Governor Wenceslao Pascual of Rizal instituted this action for declaratory relief, with injunction,
upon the ground that RA No. 920, which appropriates funds for public works particularly for the
construction and improvement of Pasig feeder road terminals. Some of the feeder roads,
however, as alleged and as contained in the tracings attached to the petition, were nothing but
projected and planned subdivision roads, not yet constructed within the Antonio Subdivision,
belonging to private respondent Zulueta, situated at Pasig, Rizal; and which projected feeder
roads do not connect any government property or any important premises to the main highway.
The respondents' contention is that there is public purpose because people living in the
subdivision will directly be benefitted from the construction of the roads, and the government
also gains from the donation of the land supposed to be occupied by the streets, made by its
owner to the government.

Issue:

Should incidental gains by the public be considered "public purpose" for the purpose of
justifying an expenditure of the government?

Ruling:

No. It is a general rule that the legislature is without power to appropriate public revenue for
anything but a public purpose. It is the essential character of the direct object of the expenditure
which must determine its validity as justifying a tax, and not the magnitude of the interest to be
affected nor the degree to which the general advantage of the community, and thus the public
welfare, may be ultimately benefited by their promotion.
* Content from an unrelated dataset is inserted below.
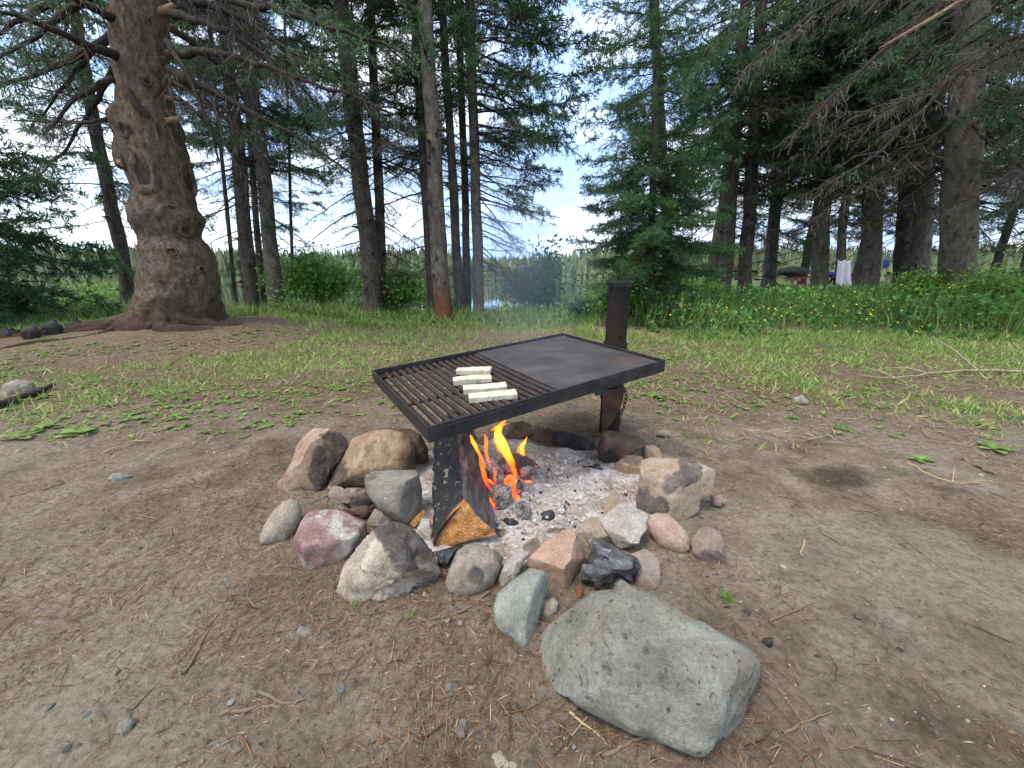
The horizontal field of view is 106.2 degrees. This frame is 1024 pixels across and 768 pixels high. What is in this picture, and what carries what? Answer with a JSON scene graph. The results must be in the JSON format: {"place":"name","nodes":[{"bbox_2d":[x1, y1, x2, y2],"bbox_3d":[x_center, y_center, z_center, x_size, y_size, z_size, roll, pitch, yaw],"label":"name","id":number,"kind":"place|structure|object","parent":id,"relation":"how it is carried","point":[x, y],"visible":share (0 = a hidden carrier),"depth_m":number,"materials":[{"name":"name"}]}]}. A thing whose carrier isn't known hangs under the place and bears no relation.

Incidental to the public or to the state,
which results from the promotion of private interest and the prosperity of private enterprises or
business, does not justify their aid by the use public money.
The test of the constitutionality of a statute requiring the use of public funds is whether the
statute is designed to promote the public interest, as opposed to the furtherance of the advantage
of individuals, although each advantage to individuals might incidentally serve the public.